_WHAT IS REQUIRED:_
Transcribe, exactly and in full, every record shown below, while omitting its images.

Stored data
# # # # # # #
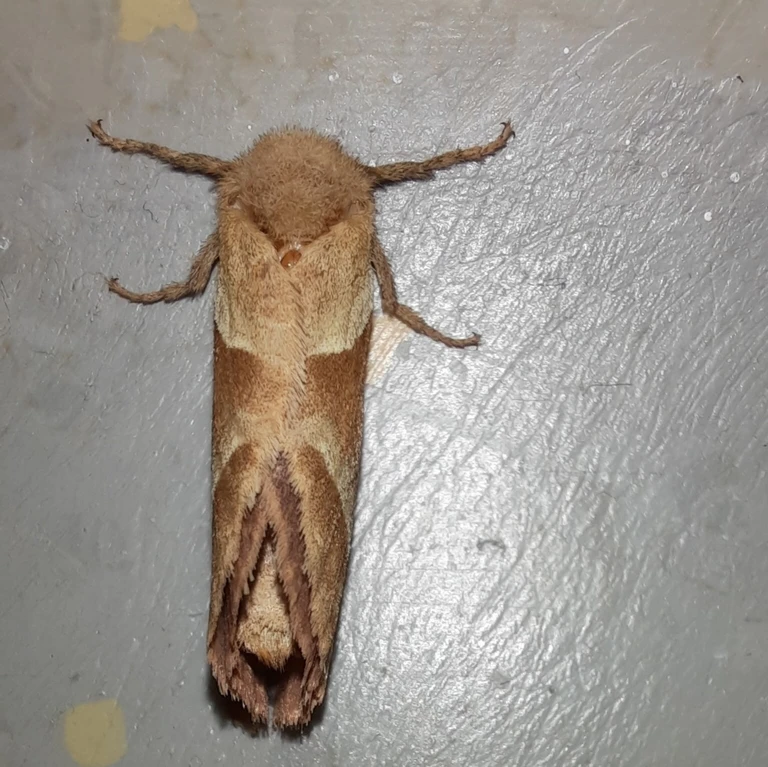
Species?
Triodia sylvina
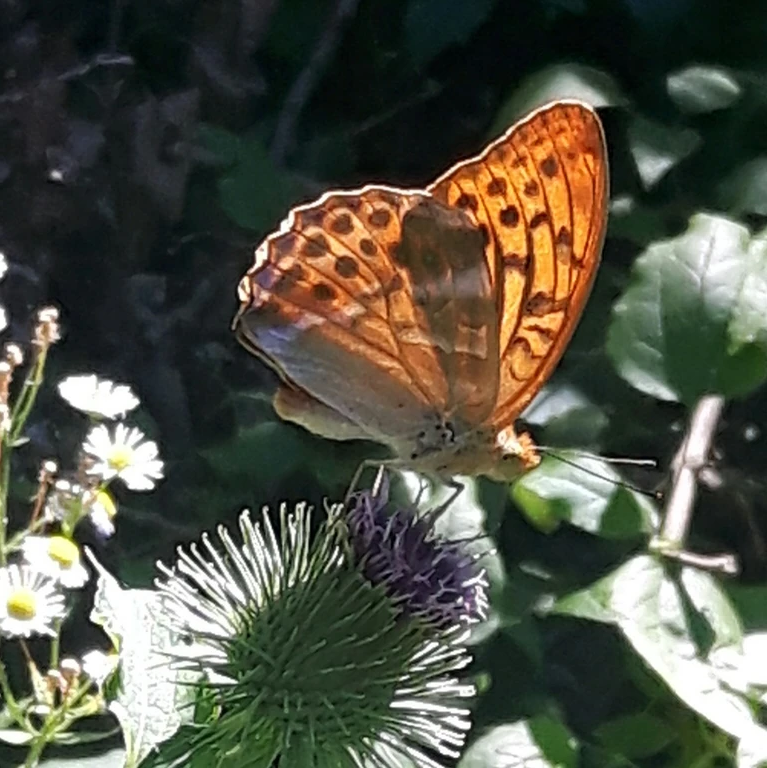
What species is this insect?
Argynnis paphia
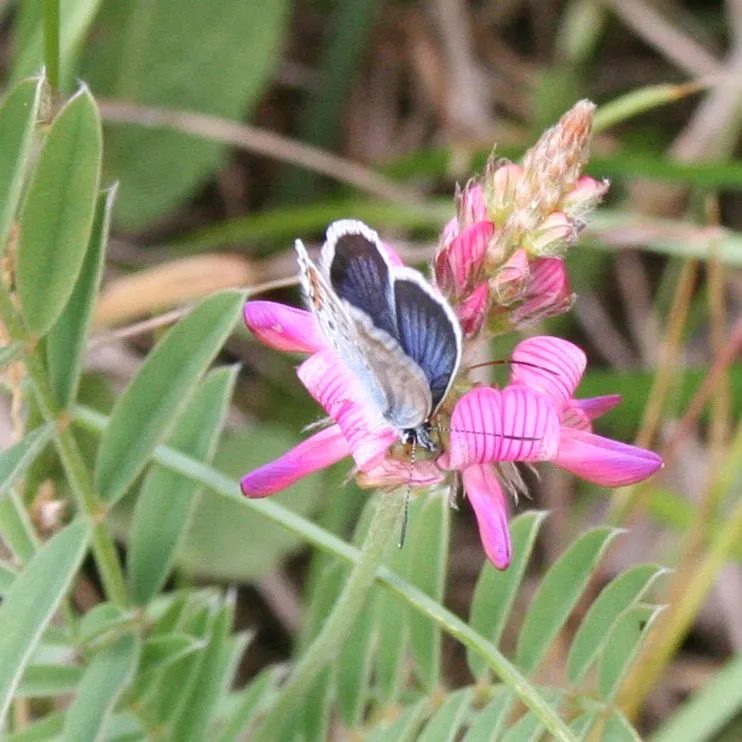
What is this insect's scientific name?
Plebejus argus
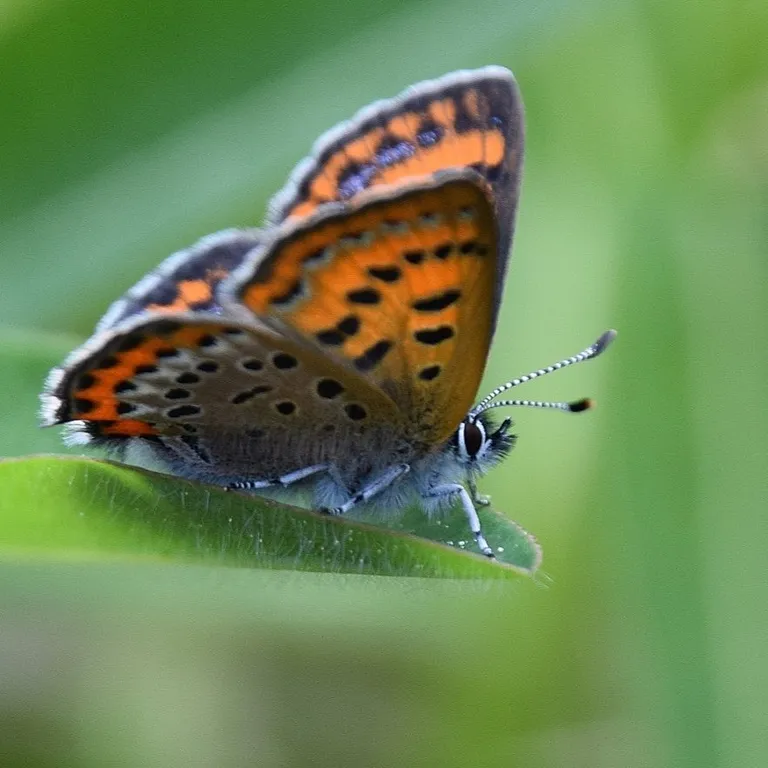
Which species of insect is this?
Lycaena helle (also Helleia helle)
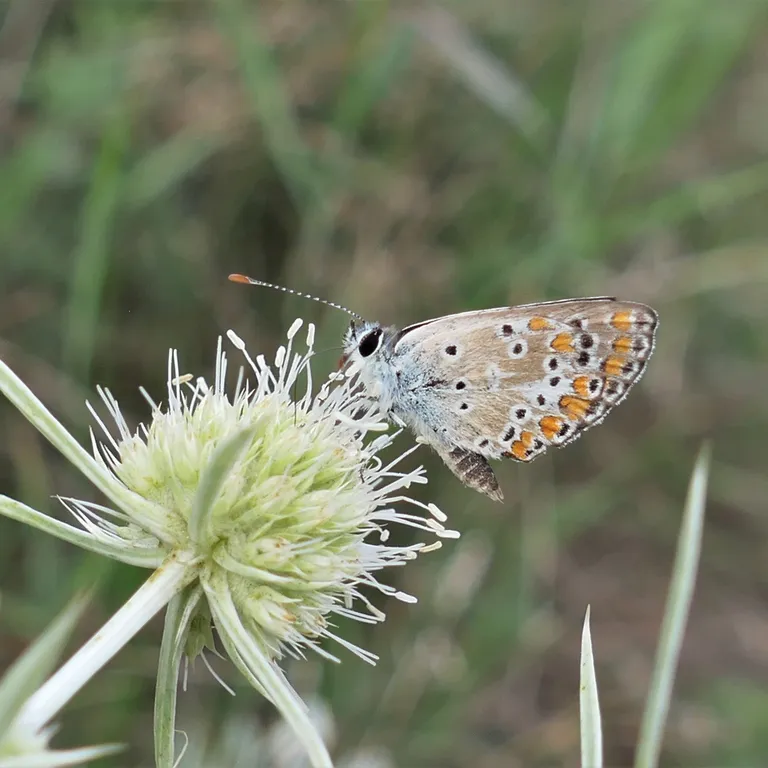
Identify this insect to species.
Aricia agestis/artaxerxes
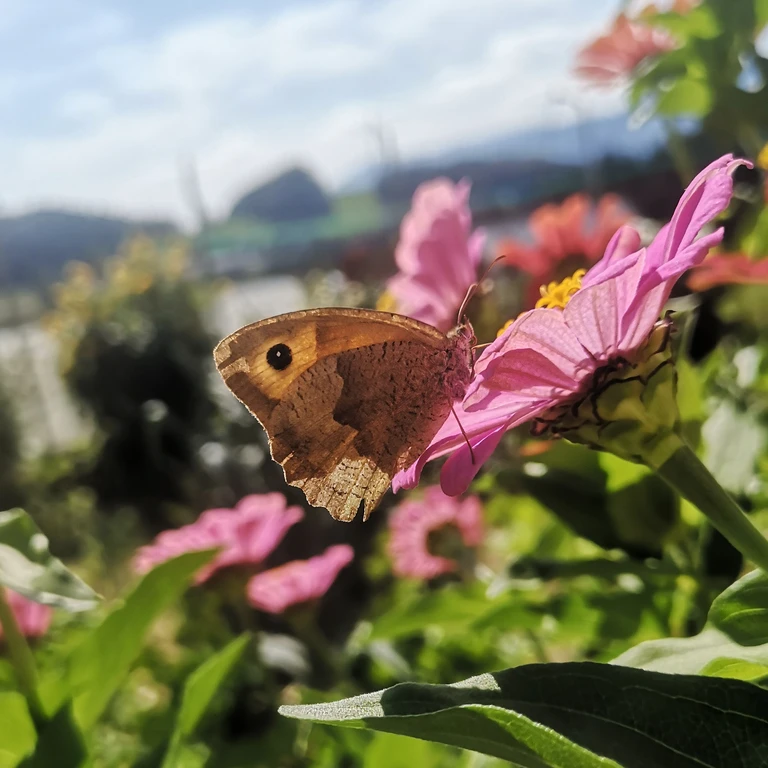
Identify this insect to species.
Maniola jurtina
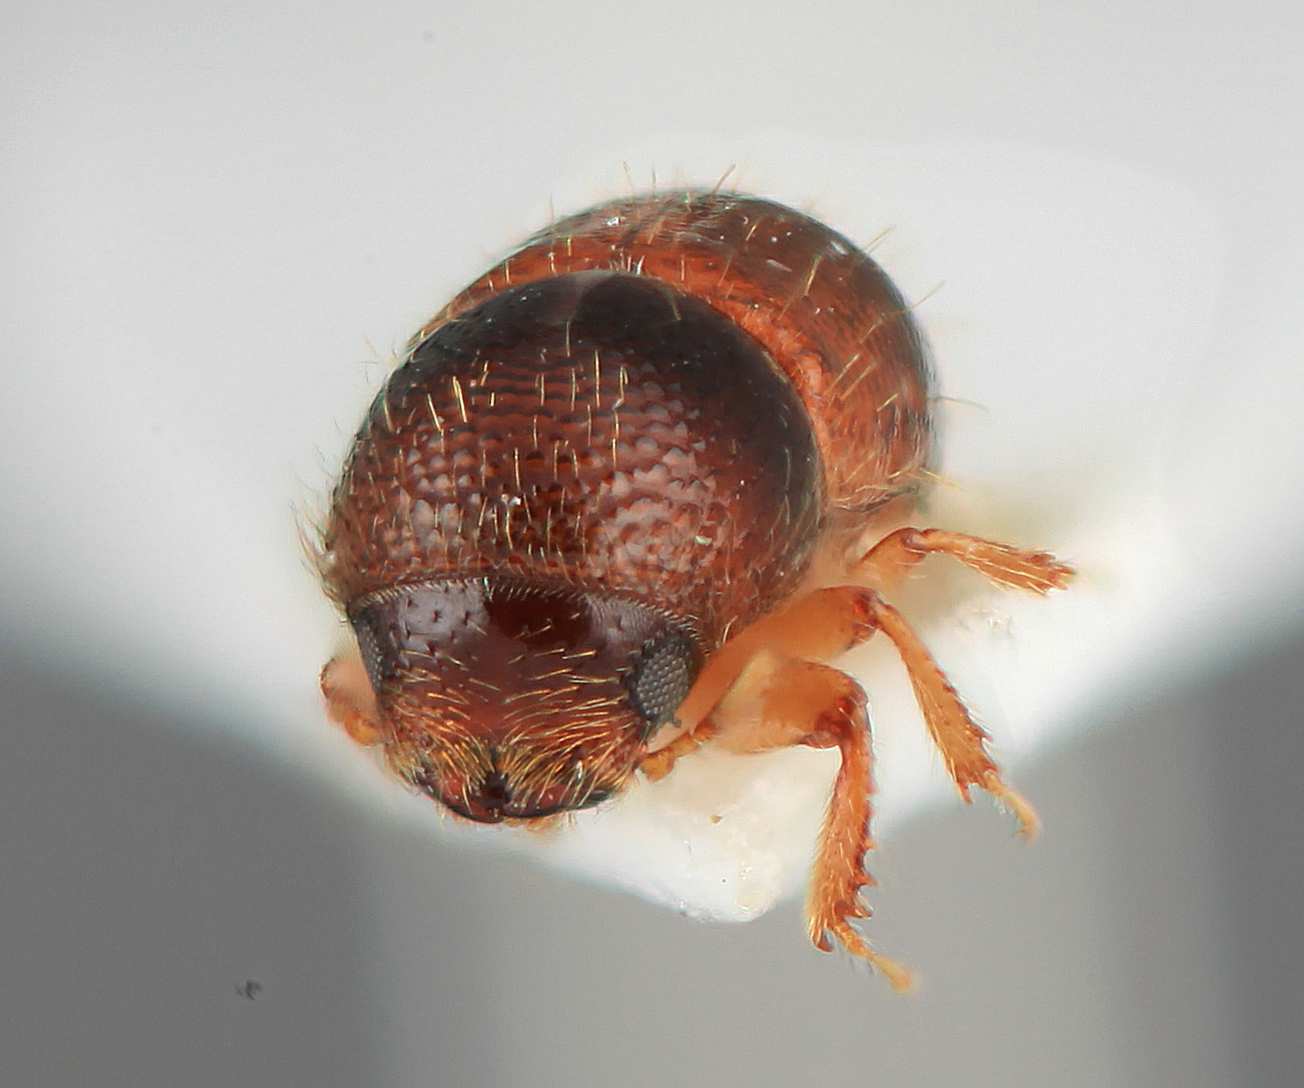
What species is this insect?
# # # # # # #
_YOUR RESPONSE:_
Species?
Triodia sylvina
What species is this insect?
Argynnis paphia
What is this insect's scientific name?
Plebejus argus
Which species of insect is this?
Lycaena helle (also Helleia helle)
Identify this insect to species.
Aricia agestis/artaxerxes
Identify this insect to species.
Maniola jurtina
What species is this insect?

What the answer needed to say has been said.